Se iluda muito… fique à vontade.

Crie um homem com a segurança, maturidade e a paciência do “Muito bem acompanhada”, com a aceitação, charme e cavalheirismo do “Uma linda Mulher”, coloque aquele toque feminista, autêntico e independente dos nossos tempos de “Casa comigo”, sem deixar de lado as histórias inesquecíveis de “Simplesmente amor”… Ah… e que tenha a pegada de “Sexo sem compromisso” e a durabilidade e romantismo do “P.S. Eu te amo!” e com aquele arremate final de “Felizes para Sempre” que só o Walt Disney pode dar em uma grande, verdadeira e eterna história de amor.
Pronto?
Fez?

Esse humano é, no meu caso, inteligente, irreverente, muito bem humorado, otimista, corajoso e aventureiro. Tem pouco mais de 1,80m e com um sorriso escancarado.
Ele é do “Vamos? Vamos!!! e por causa disso viajaríamos o mundo inteiro.
Gosta de andar de moto na estrada, de mergulhar, de longas caminhadas regadas a boas conversas sobre a vida, de ver o por do sol na praia.
E nós faríamos tudo isso juntos, muitas vezes. 

É alguém que não resiste a um cinema com pipoca em pleno dia de semana à noite, que não liga de ter o filme interrompido por beijos apaixonados e que topa ir comigo, num feriado qualquer, para o aeroporto com uma mala pronto para comprar uma passagem para o próximo voo que tiver disponível.
Sem importar pra onde.
Para descobrir lá o que há para conhecer, para curtir e para comer.
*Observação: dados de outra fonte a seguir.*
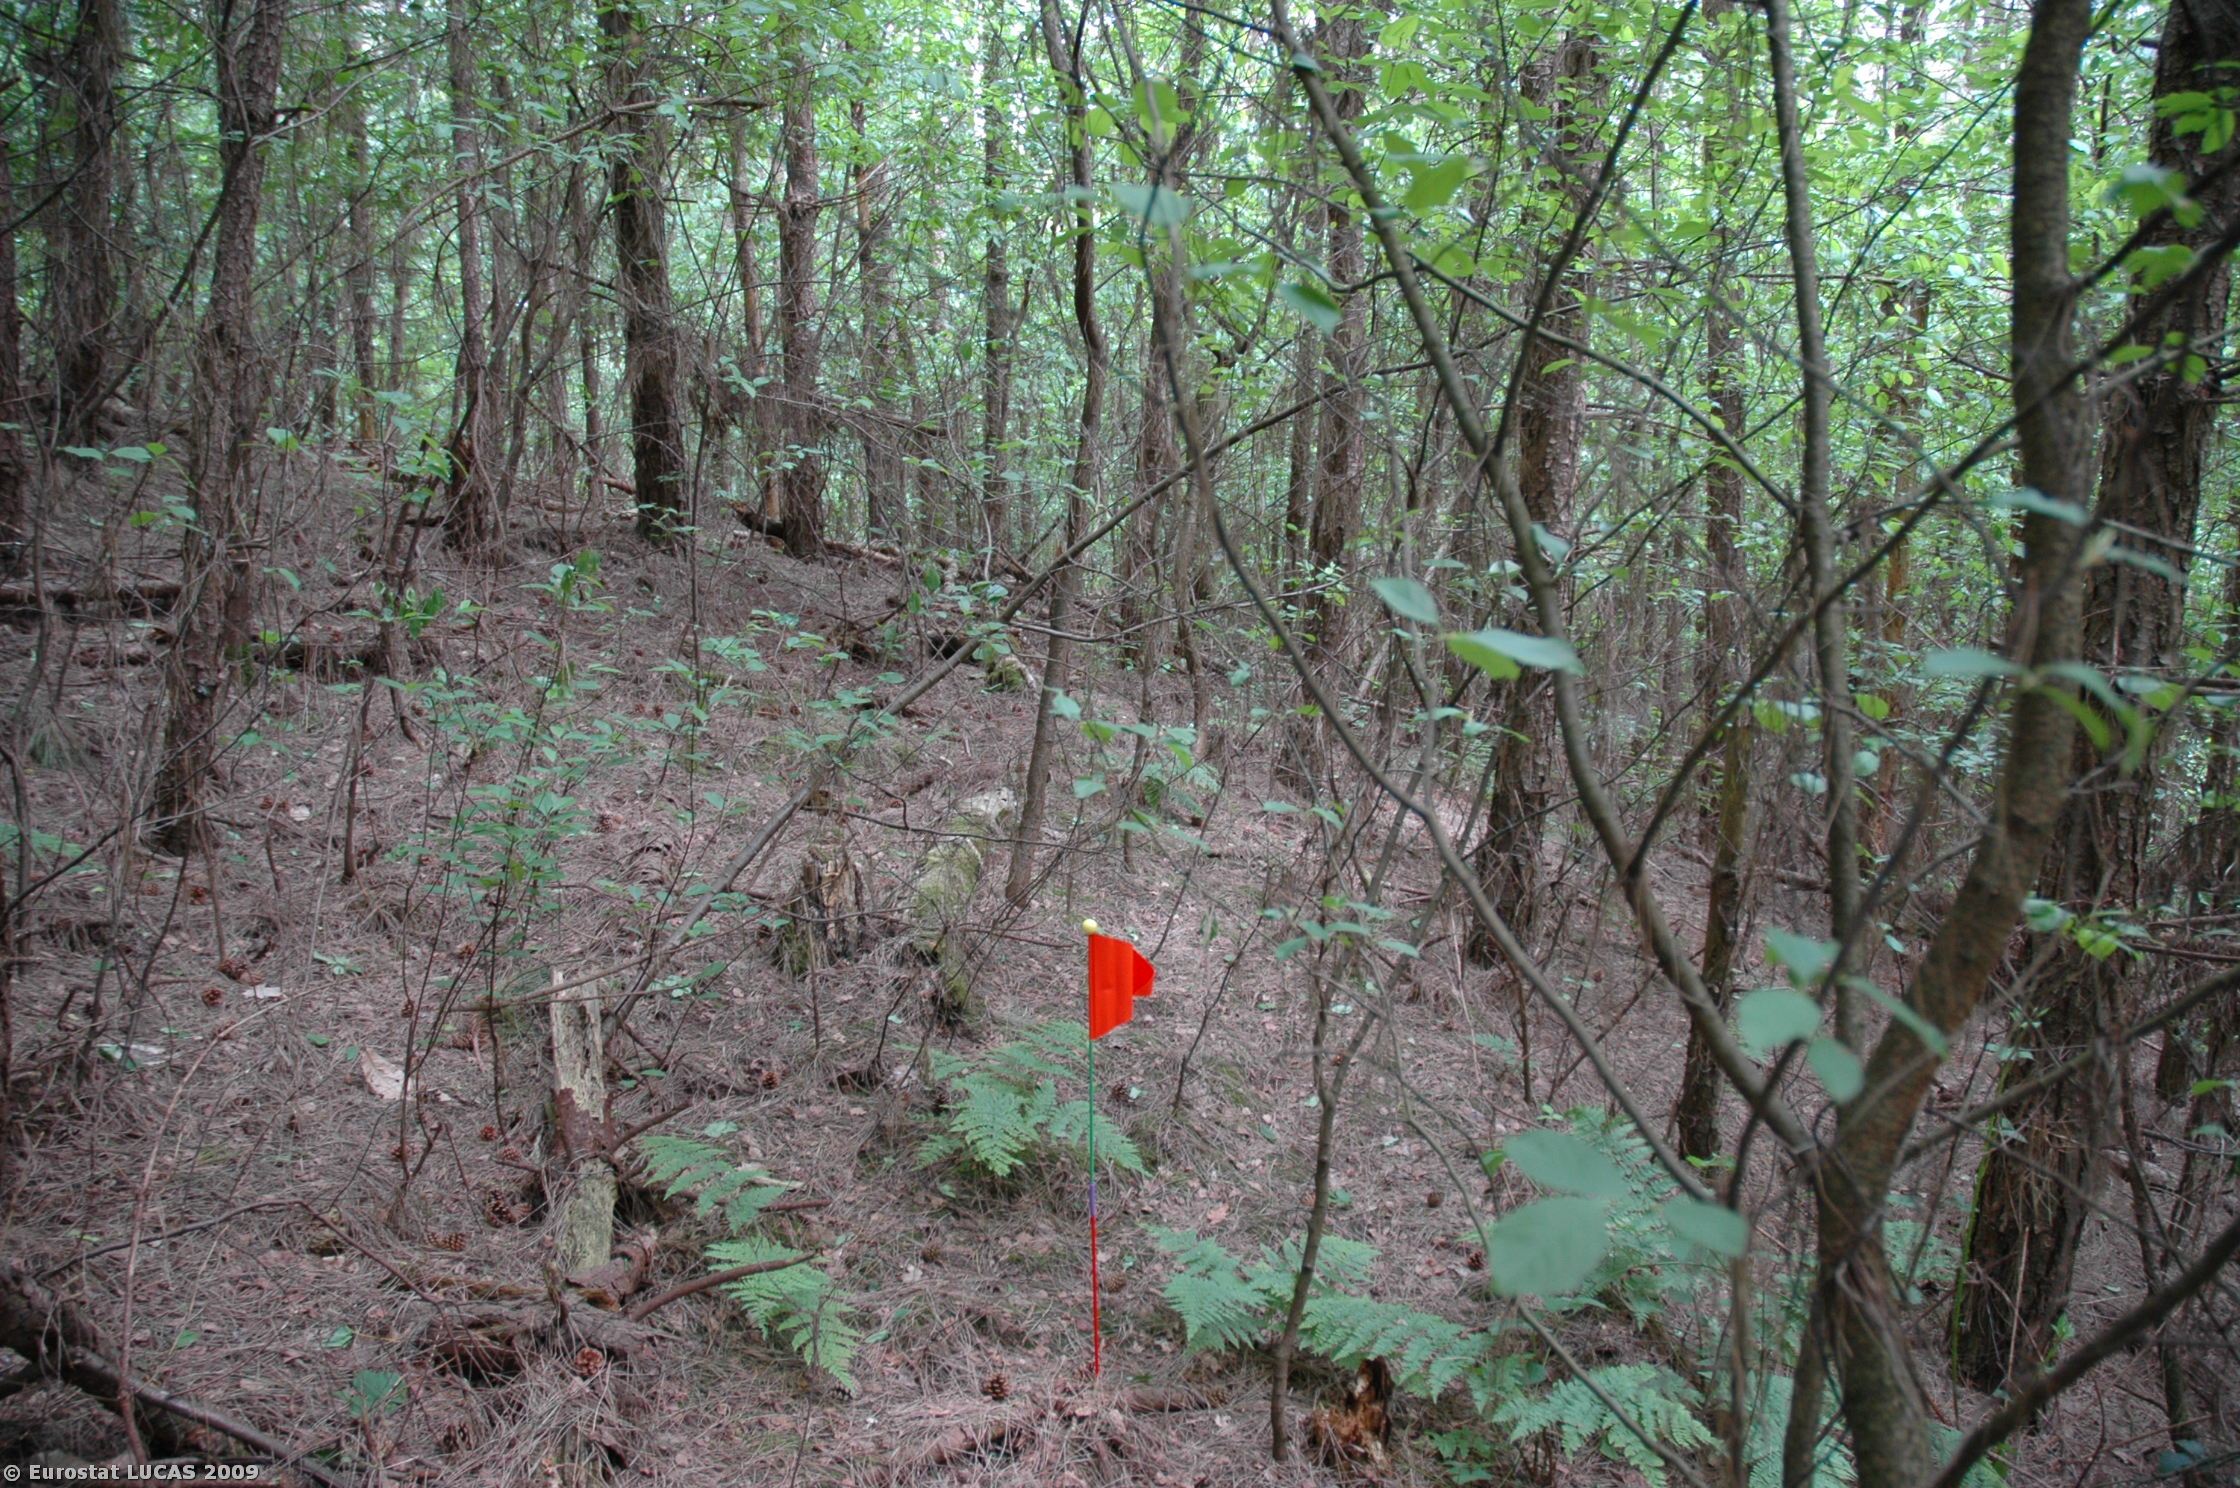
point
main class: Woodland
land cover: Mixed woodland
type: hemiboreal forest and nemoral coniferous forest and mixed broadleaved-coniferous forest
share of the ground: > 75 %
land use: Unused
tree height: > 5 m
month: May
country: NL
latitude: 52.0198
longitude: 5.4371
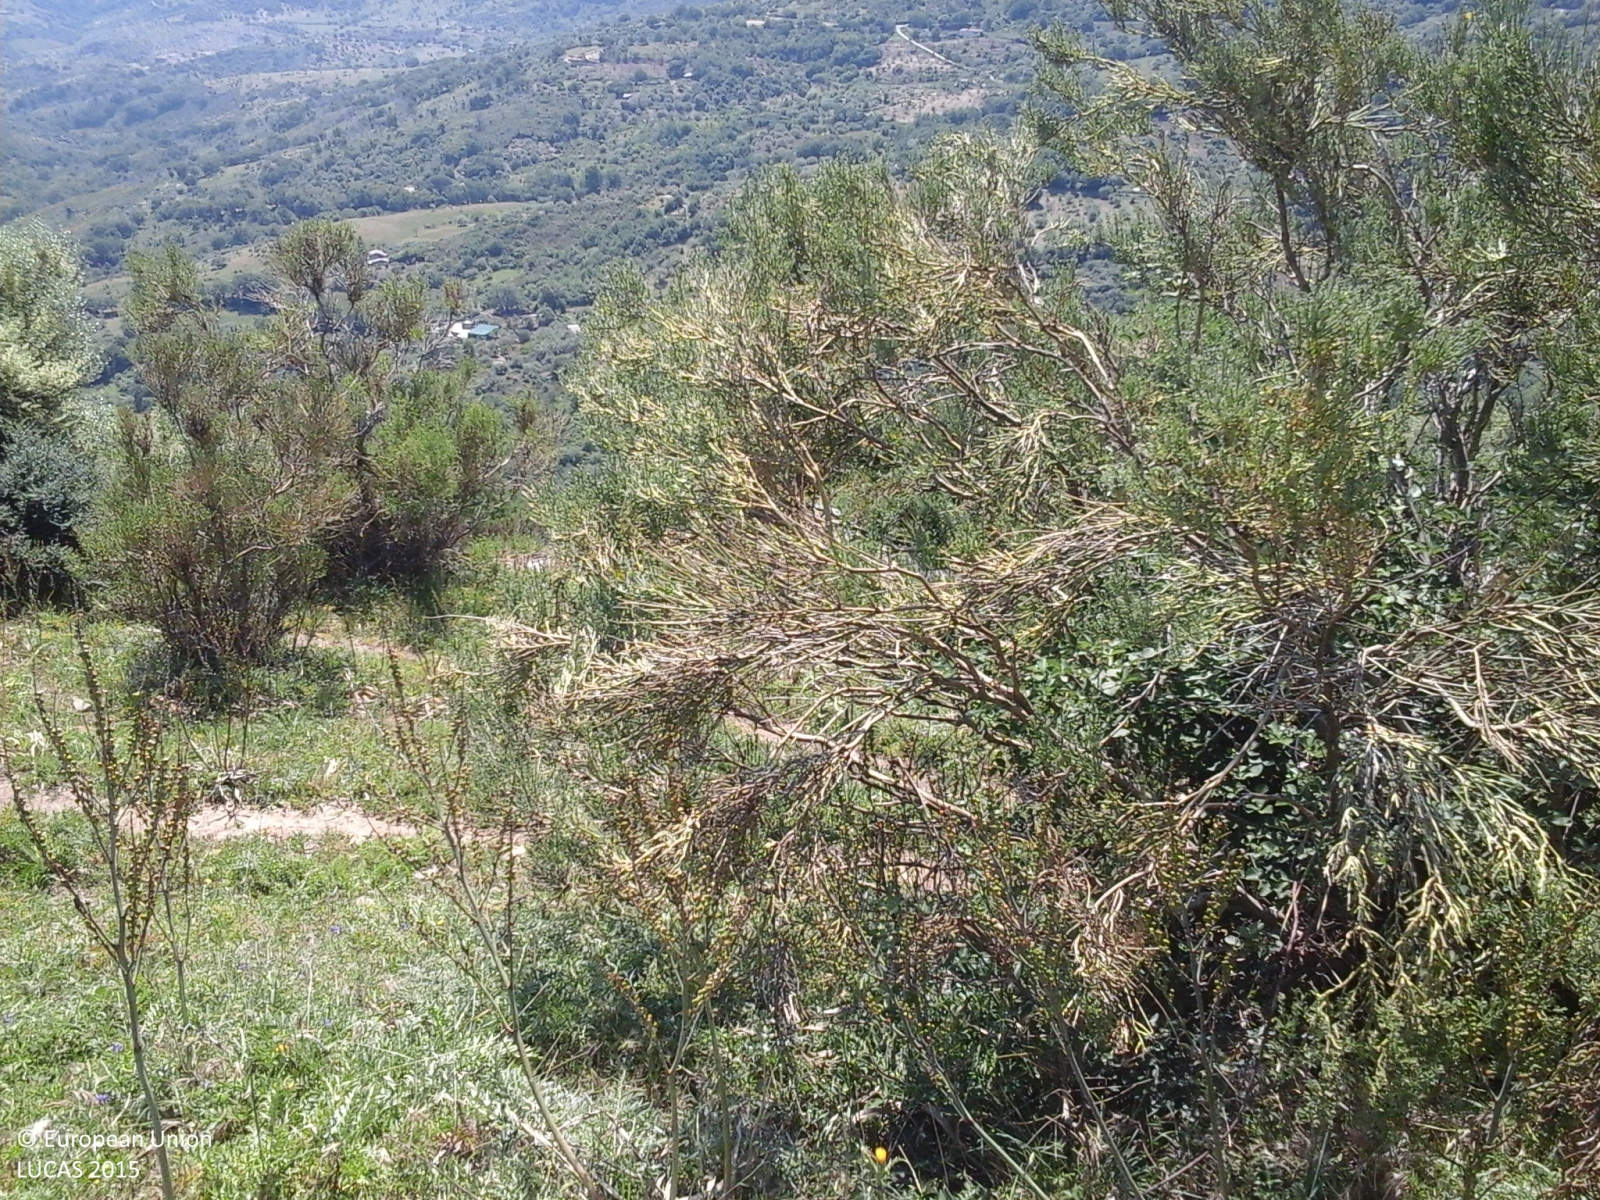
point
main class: Shrubland
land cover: Shrubland with sparse tree cover
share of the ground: > 75 %
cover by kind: shrubs 55 %, herbaceous plants 40 %, broadleaved forest trees 5 %
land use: Agriculture (excluding fallow land and kitchen gardens)
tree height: < 5 m
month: June
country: IT
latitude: 37.9536
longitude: 14.0121
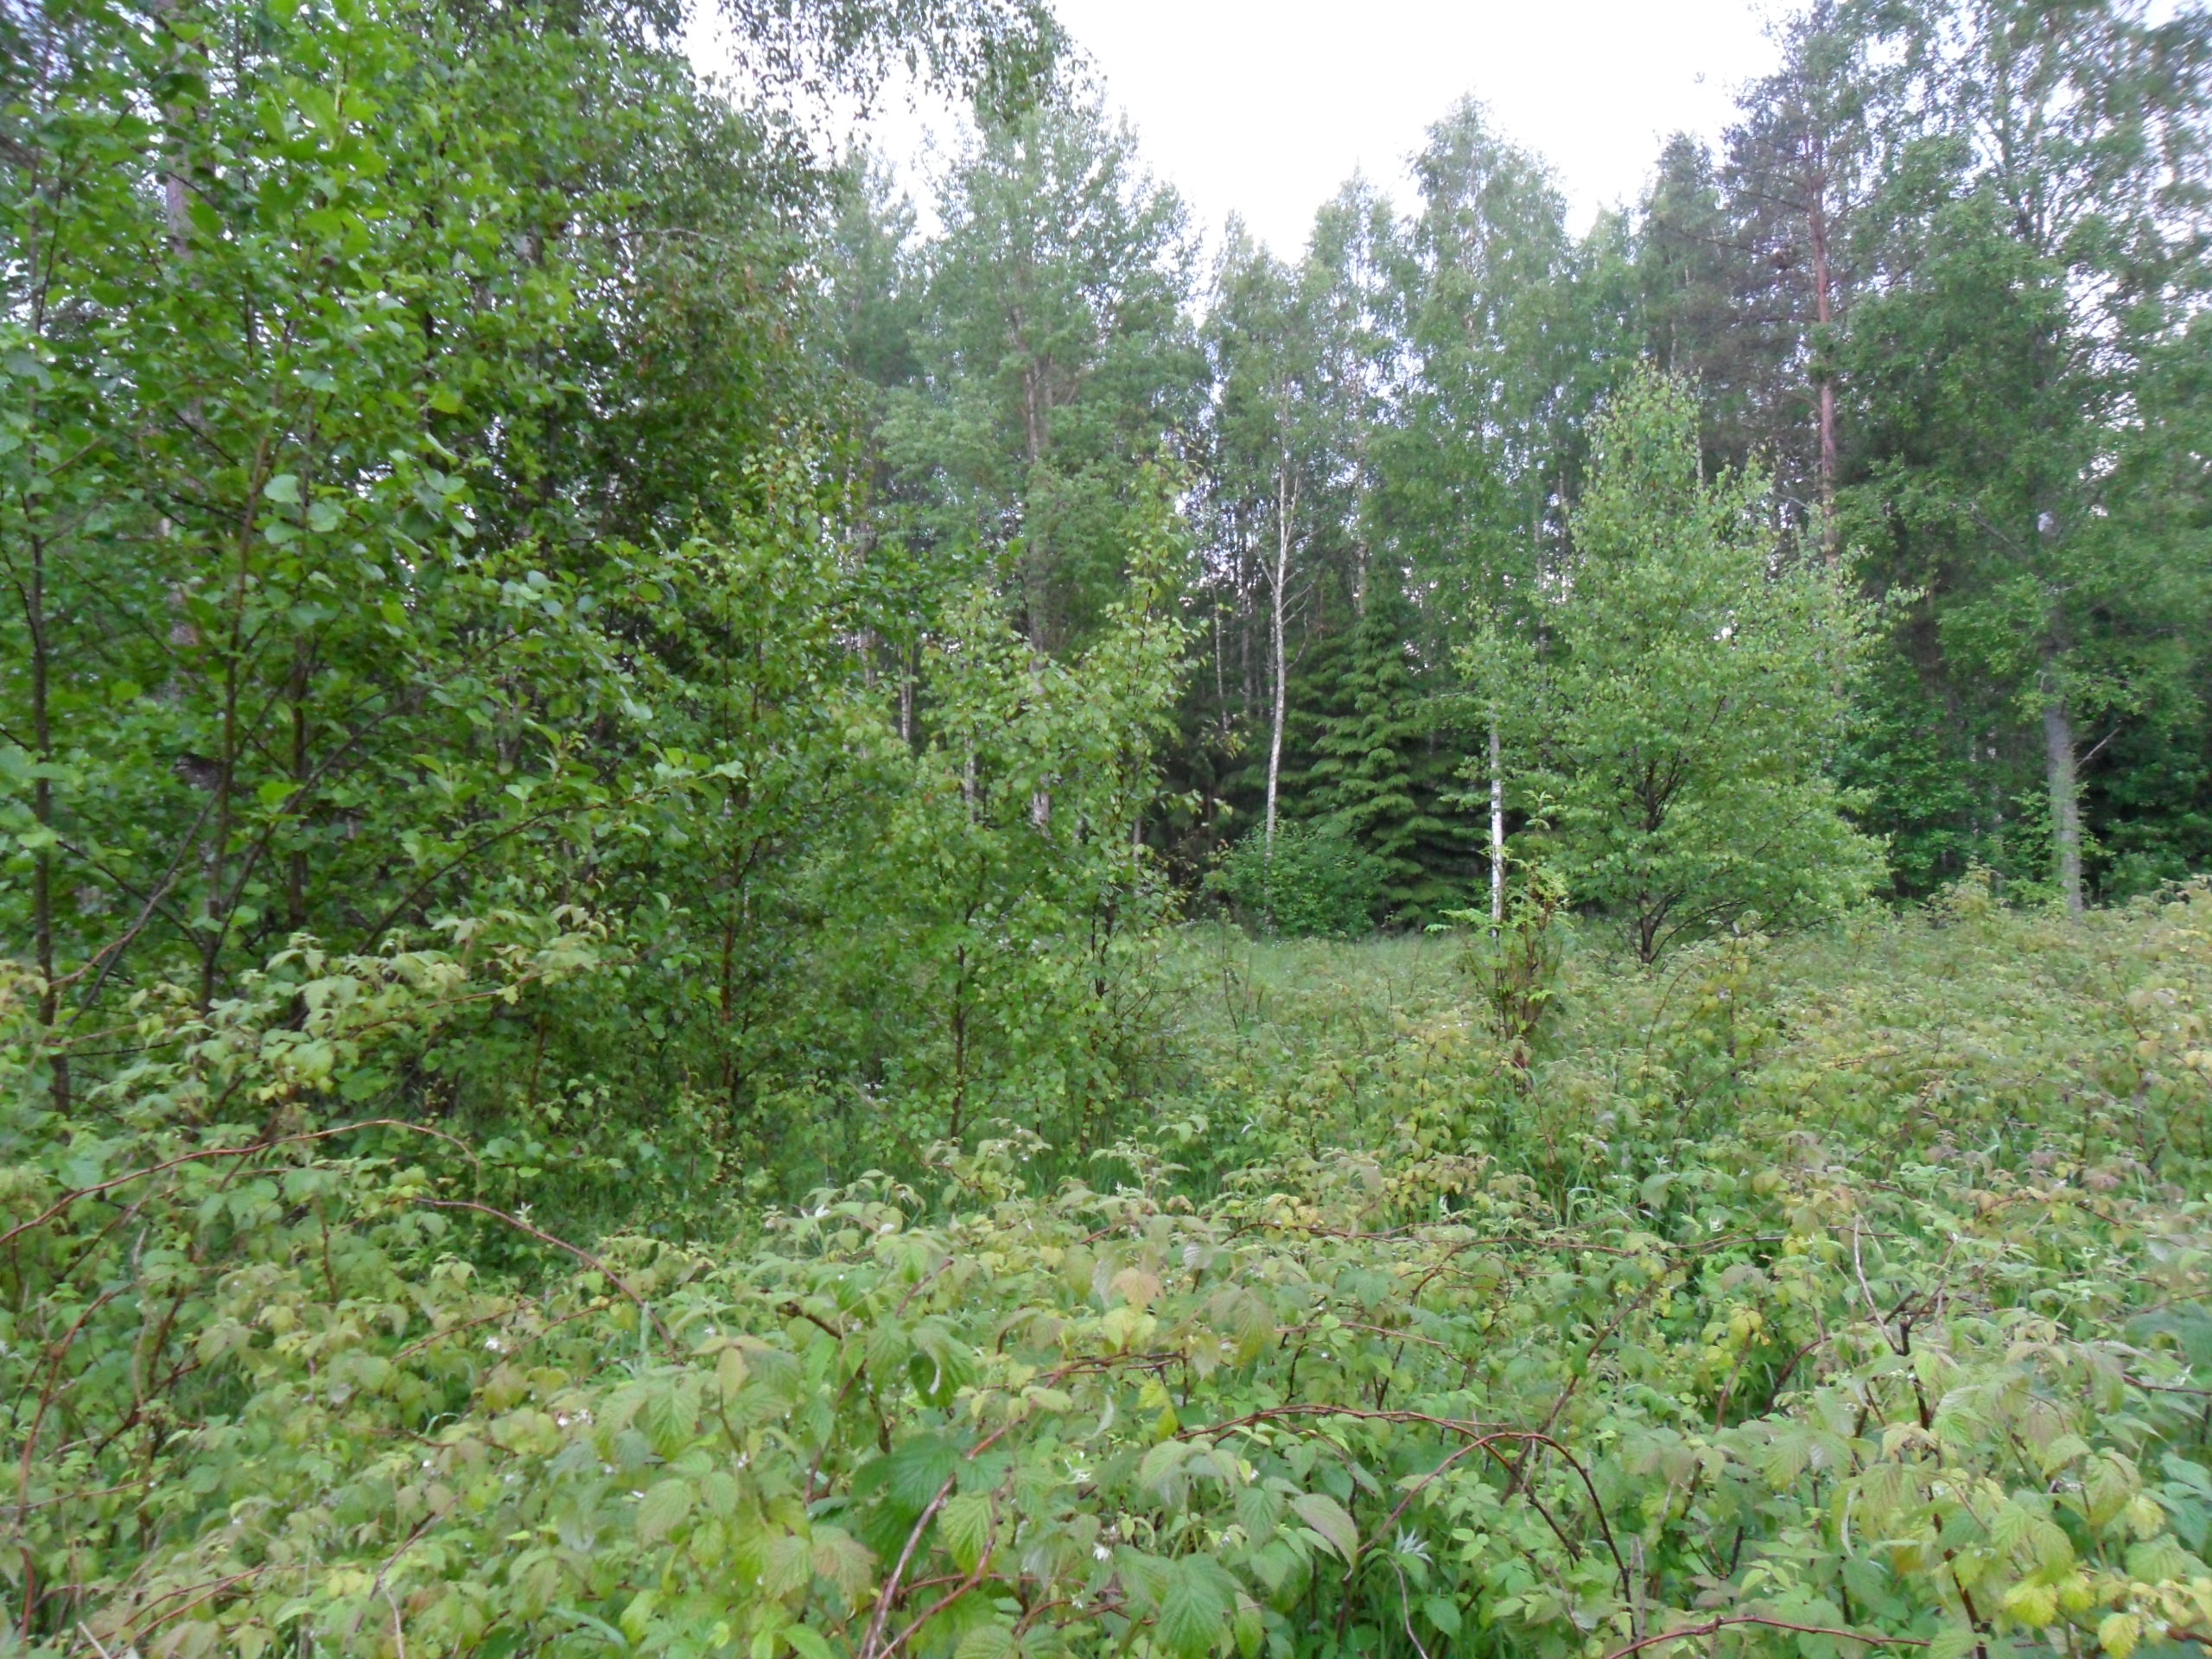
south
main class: Shrubland
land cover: Shrubland with sparse tree cover
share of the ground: > 75 %
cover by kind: shrubs 90 %, broadleaved forest trees 5 %, herbaceous plants 5 %
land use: Semi-natural and natural areas not in use
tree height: < 5 m
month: June
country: LV
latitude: 57.5026
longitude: 21.9430

É alguém tão honesto, que vê no autoconhecimento e na sua própria humildade a única chance de viver uma vida mais íntegra, mais grandiosa, mais profunda, leve e feliz.

Esse alguém é transparente e me ajuda a crescer do seu lado.
Não faz D.R.`s porque em cada possibilidade de discussão ele é alguém que sabe rir da situação e transformar o motivo em piada.

Fala alto, é meio exagerado, estabanado e sabe ser feliz com bobagens.
Adora comer coisas gostosas, ouvir música alta no carro e não liga para ter o último modelo de carro, de roupa ou do celular.
Sabe que status se mede em realização.
E que sucesso é você saber ser feliz exatamente com o que tem agora.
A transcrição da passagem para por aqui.